Review Buku “Paradoks Indonesia” Karya Prabowo Subianto

Minggu, 21/05/2023 22:27 WIB
Resensi Buku Prabowo Subianto (Ist)

Resensi Buku Prabowo Subianto (Ist)

Jakarta, law-justice.co - Januari 2022 lalu, Prabowo Subianto kembali menerbitkan buku. Judulnya “Paradoks Indonesia dan Solusinya”. Sebenarnya bukan buku baru. Buku tersebut merupakan edisi pemutakhiran buku “Paradoks Indonesia: Pandangan Strategis Prabowo Subianto” yang terbit pada 2017. Berisi tentang pikiran-pikiran strategis Prabowo Subianto guna mengentaskan persoalan yang membelit bangsa dan negara kita.

Menurut KBBI, paradoks adalah pernyataan yang seolah-olah bertentangan (berlawanan) dengan pendapat umum atau kebenaran, tetapi kenyataannya mengandung kebenaran. Paradoks Indonesia, menurut Prabowo, merupakan kondisi di mana Indonesia kaya akan sumber daya alam dan sumber daya manusia, tetapi sebagian besar rakyat Indonesia saat ini masih hidup dalam kemiskinan.

Buku ini mencoba merekam pikiran-pikiran strategis Prabowo terhadap kondisi paradoksal yang tengah bangsa ini alami. Pergulatan panjang puluhan tahun mengabdi pada negeri sejak sebelum ataupun sesudah memutuskan berjuang di politik, menghantarkannya pada ambang kegelisahan yang tak terperikan atas nasib Indonesia yang dia cintai. Tapi, dia terus berjuang, hingga kini. Menyerah bukan pilihan. Perjuangan harus terus dilanjutkan.

Buku terbitan PT Media Pandu Bangsa ini terdiri dari lima bab. Tebalnya 180 halaman. Ia mencoba mengurai kegelisahannya atas kondisi yang ia sebut sebagai paradoks Indonesia. Pada Bab Satu, “Membangun Kesadaran Nasional”, Prabowo mengajak kita untuk sama-sama membangun kesadaran nasional bahwa kita belum menjadi bangsa dan negara yang sejahtera. “Kesadaran adalah modal utama perjuangan,” tulis Prabowo (h. 5).

Kesadaran apa yang Prabowo maksud? Pertama, kesadaran bahwa sistem ekonomi dan demokrasi Pancasila merupakan pilihan terbaik untuk mencapai cita-cita kemerdekaan Indonesia. Kedua, sistem ekonomi yang saat ini sedang kita jalankan tidak sesuai dengan apa yang digariskan UUD 1945 yang asli, yaitu UUD 1945 versi 18 Agustus 1945. Ketiga, perjuangan untuk mewujudkan ekonomi Pancasila harus ditempuh dengan jalan politik (h. 11-12).

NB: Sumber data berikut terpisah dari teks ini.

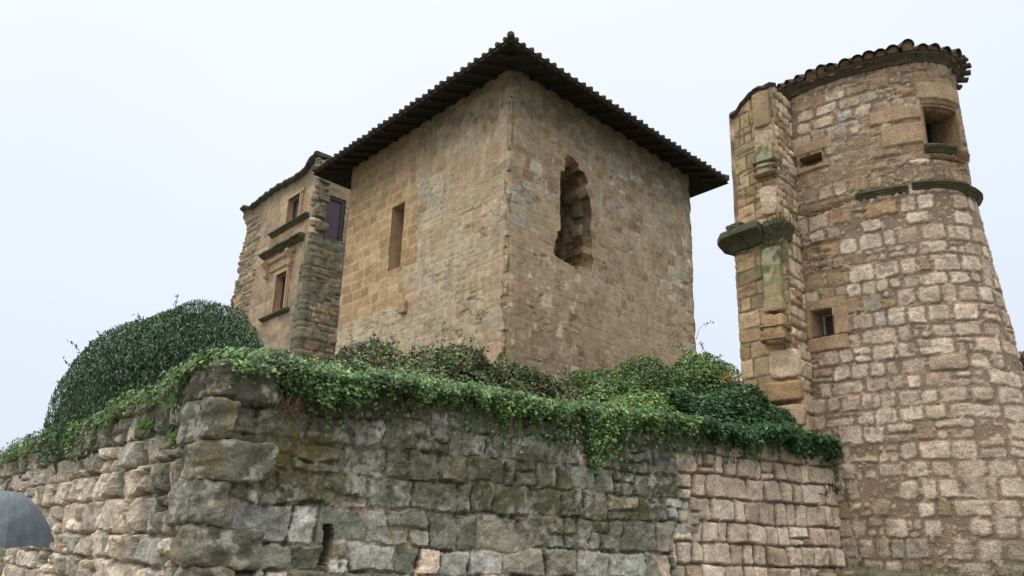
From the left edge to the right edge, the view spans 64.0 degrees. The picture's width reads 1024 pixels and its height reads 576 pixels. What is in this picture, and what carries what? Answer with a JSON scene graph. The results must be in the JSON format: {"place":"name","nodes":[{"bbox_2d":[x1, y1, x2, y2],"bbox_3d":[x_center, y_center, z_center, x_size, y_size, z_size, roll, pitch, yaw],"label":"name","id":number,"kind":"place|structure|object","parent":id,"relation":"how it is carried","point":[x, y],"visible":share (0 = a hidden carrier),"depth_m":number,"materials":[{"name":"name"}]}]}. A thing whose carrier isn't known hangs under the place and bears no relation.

Bangsa Indonesia, khususnya generasi muda, tidak boleh membenci politik. Bagaimana pun politik merupakan alat perjuangan untuk mewujudkan keadilan, kemakmuran dan kesejahteraan.

Oleh karena itu, setiap warga negara harus mendapatkan pendidikan politik yang memadai. Ini modal utama demi terciptanya masyarakat yang mengerti dan berkesadaran tentang jati dirinya sebagai bangsa dan negara besar. Prabowo memulai dengan suatu cita-cita idealistis berupa gagasan dan keyakinan, sebelum melangkah ke palagan selanjutnya.

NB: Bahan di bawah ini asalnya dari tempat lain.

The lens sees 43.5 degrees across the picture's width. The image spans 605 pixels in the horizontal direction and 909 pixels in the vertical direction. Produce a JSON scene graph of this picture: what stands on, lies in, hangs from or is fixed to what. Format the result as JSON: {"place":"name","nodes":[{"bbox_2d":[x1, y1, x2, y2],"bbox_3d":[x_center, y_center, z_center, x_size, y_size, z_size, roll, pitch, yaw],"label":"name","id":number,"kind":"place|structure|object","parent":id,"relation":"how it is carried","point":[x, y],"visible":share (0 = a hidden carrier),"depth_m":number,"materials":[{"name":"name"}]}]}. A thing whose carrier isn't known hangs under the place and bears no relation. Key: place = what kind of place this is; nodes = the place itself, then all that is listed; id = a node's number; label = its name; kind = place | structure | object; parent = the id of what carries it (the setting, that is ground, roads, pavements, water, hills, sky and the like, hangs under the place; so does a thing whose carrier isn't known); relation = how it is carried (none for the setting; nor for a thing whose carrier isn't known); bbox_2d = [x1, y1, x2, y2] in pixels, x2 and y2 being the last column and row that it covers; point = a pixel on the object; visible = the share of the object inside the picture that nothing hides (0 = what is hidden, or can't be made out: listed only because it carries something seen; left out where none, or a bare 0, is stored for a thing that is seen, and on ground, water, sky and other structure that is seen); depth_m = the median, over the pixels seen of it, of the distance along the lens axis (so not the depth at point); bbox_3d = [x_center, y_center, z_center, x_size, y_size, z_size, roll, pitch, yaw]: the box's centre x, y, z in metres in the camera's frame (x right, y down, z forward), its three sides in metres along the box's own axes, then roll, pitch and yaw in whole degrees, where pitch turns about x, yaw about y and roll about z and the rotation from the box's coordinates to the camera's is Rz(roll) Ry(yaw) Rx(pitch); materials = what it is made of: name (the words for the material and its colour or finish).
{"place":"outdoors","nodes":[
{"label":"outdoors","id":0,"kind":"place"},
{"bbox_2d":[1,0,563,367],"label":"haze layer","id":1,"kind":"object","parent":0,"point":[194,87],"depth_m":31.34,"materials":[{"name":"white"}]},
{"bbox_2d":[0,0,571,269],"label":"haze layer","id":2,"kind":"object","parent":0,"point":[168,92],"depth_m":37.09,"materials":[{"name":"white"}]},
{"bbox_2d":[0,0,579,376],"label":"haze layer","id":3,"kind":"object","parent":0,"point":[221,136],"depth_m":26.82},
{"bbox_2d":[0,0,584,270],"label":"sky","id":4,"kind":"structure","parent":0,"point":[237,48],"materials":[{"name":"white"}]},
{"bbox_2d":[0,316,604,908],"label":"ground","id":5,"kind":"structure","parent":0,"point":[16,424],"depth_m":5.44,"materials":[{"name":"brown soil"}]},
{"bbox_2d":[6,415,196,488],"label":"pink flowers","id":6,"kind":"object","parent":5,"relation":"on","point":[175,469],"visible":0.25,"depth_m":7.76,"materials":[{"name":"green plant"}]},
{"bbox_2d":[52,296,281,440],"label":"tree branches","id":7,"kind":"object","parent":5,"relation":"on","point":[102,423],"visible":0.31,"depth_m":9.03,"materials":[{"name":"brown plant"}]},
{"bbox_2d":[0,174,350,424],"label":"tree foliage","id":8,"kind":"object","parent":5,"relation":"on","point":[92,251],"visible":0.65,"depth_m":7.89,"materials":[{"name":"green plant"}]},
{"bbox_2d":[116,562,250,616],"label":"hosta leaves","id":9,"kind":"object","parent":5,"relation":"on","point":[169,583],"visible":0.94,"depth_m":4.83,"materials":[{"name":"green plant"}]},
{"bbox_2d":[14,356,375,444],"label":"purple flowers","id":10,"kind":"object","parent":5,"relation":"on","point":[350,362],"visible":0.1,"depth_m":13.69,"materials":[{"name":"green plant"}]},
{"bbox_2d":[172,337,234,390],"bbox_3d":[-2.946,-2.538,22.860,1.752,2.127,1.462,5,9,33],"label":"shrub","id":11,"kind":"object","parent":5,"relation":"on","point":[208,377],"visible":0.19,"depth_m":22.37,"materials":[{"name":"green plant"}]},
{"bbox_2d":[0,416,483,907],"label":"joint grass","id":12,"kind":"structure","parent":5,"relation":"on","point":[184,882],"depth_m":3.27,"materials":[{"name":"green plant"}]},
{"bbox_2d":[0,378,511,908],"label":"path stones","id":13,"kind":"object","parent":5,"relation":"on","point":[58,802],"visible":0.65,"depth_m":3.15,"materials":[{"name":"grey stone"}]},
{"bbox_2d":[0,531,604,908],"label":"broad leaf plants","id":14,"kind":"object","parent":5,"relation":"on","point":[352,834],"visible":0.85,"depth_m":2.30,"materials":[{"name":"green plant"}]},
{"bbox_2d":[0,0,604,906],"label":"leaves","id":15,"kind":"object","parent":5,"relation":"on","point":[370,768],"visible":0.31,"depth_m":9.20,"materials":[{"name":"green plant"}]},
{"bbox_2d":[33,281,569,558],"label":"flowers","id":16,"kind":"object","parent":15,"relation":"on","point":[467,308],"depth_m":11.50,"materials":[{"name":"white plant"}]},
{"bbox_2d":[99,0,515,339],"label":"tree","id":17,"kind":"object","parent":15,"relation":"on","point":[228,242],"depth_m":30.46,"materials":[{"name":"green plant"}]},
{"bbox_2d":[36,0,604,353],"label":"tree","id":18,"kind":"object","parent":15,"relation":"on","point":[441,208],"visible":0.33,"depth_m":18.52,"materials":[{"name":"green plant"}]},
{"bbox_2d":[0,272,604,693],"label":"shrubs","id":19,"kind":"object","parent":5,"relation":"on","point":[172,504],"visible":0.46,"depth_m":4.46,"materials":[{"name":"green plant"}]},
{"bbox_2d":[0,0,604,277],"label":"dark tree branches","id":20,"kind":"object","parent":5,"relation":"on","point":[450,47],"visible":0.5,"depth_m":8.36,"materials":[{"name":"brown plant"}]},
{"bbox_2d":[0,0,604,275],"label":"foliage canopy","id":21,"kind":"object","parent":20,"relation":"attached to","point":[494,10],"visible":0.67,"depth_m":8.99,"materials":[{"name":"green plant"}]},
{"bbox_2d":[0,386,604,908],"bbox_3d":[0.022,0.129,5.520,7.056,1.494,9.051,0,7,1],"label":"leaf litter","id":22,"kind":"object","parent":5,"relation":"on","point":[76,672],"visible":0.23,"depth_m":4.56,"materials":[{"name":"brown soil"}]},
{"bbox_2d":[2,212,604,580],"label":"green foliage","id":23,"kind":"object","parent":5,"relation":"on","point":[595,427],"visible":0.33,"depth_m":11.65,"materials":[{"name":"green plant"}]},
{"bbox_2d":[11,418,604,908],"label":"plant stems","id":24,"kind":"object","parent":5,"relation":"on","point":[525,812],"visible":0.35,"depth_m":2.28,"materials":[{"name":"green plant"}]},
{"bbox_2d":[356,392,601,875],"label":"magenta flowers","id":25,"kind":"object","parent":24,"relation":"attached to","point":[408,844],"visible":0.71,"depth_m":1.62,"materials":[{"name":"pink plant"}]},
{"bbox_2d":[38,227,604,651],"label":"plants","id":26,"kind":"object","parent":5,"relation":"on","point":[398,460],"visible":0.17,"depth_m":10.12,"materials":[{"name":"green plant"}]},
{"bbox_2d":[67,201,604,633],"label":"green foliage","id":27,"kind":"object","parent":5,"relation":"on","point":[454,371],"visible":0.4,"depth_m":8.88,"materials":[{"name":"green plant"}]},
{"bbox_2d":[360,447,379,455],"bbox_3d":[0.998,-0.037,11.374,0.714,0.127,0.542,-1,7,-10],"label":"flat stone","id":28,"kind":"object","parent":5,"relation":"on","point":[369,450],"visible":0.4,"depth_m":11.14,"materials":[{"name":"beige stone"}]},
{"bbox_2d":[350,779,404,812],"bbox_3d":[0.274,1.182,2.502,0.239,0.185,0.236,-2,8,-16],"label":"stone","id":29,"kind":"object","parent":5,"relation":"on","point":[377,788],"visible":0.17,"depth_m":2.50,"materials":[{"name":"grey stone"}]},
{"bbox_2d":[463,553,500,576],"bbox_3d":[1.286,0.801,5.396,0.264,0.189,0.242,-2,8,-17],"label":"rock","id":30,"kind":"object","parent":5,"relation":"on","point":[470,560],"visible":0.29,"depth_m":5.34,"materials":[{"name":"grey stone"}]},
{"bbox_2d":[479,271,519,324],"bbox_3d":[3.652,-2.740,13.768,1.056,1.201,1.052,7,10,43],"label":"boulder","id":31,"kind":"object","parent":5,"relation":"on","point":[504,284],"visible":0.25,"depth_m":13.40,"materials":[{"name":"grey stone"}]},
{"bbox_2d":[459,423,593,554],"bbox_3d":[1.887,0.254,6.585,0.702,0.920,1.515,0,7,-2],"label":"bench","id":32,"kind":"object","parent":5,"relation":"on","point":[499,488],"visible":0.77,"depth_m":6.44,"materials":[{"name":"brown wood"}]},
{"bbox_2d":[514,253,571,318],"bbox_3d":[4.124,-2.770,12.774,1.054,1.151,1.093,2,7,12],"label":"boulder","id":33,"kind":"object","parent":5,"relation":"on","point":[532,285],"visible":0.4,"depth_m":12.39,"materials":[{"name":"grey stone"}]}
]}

“Hanya dengan pendidikan politik dapat terwujud suatu kesadaran bersama. Dengan kesadaran bersama, kita dapat  turut serta dalam perjuangan besar dan perjuangan panjang mewujudkan cita-cita kemerdekaan Indonesia: Rakyat yang adil dan makmur,” tulis Prabowo (h. 15).

Arah dari tumbuhnya kesadaran di atas adalah terciptanya pemerataan ekonomi. Sebab, di Indonesia, kekayaan Indonesia belum terdistribusi secara rata dan berkeadilan. Hanya kalangan elite tertentu saja yang menikmati.

Menurut Prabowo Subianto, ketidakadilan ekonomi sudah terlalu parah. “Bahkan baru-baru ada yang menghitung, harta kekayaan dari empat orang terkaya di Indonesia ternyata lebih besar dari 100 juta orang termiskin di Indonesia,” tulis Prabowo mengutip data OXFAM dan INFID, 2017 (h. 74). Jumlah mereka memang kecil, tapi menguasai perekonomian negara. Alhasil, kaum elite tersebut bisa dengan mudah menentukan berbagai aspek kehidupan kita berbangsa dan bernegara.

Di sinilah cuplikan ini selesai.